__Input material__:
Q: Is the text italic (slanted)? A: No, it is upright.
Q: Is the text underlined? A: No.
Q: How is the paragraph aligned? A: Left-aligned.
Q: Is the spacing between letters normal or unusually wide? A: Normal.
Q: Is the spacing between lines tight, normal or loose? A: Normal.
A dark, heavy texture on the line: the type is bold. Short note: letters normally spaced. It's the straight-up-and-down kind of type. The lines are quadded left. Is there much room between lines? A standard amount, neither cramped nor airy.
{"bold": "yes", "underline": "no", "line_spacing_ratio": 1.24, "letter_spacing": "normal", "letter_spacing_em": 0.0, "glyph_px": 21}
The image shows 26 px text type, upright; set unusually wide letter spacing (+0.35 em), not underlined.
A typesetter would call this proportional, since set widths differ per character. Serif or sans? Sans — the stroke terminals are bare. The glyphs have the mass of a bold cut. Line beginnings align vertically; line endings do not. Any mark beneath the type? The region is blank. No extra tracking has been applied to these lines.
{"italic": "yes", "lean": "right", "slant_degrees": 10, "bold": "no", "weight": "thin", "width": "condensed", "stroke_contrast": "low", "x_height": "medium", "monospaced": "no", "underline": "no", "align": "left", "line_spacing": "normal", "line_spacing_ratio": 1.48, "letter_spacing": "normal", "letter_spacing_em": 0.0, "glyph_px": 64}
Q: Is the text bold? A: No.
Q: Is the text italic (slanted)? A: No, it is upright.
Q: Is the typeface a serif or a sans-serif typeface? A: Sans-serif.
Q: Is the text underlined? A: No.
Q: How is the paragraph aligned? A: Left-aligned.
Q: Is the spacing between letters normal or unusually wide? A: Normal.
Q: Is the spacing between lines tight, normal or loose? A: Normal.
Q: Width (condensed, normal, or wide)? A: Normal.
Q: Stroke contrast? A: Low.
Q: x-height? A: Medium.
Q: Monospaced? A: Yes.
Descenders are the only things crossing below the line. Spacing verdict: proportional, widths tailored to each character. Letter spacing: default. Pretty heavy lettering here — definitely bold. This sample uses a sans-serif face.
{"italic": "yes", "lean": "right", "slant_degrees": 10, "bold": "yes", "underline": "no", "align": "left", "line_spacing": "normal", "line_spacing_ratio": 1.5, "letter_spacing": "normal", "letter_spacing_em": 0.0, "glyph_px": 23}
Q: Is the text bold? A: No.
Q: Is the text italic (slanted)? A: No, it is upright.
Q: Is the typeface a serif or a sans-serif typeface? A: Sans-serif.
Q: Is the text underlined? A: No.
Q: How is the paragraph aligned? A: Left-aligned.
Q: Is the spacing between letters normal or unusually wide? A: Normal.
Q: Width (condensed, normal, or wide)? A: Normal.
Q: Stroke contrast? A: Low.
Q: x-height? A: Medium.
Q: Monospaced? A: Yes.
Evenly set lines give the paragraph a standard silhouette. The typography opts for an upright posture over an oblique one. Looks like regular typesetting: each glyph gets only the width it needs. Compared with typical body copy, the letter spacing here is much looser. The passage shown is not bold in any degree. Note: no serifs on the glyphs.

__Task to carry out__: Filter the records above for "each" and copy every matching line.

__Result for this task__:
Descenders are the only things crossing below the line. Spacing verdict: proportional, widths tailored to each character. Letter spacing: default. Pretty heavy lettering here — definitely bold. This sample uses a sans-serif face.
Evenly set lines give the paragraph a standard silhouette. The typography opts for an upright posture over an oblique one. Looks like regular typesetting: each glyph gets only the width it needs. Compared with typical body copy, the letter spacing here is much looser. The passage shown is not bold in any degree. Note: no serifs on the glyphs.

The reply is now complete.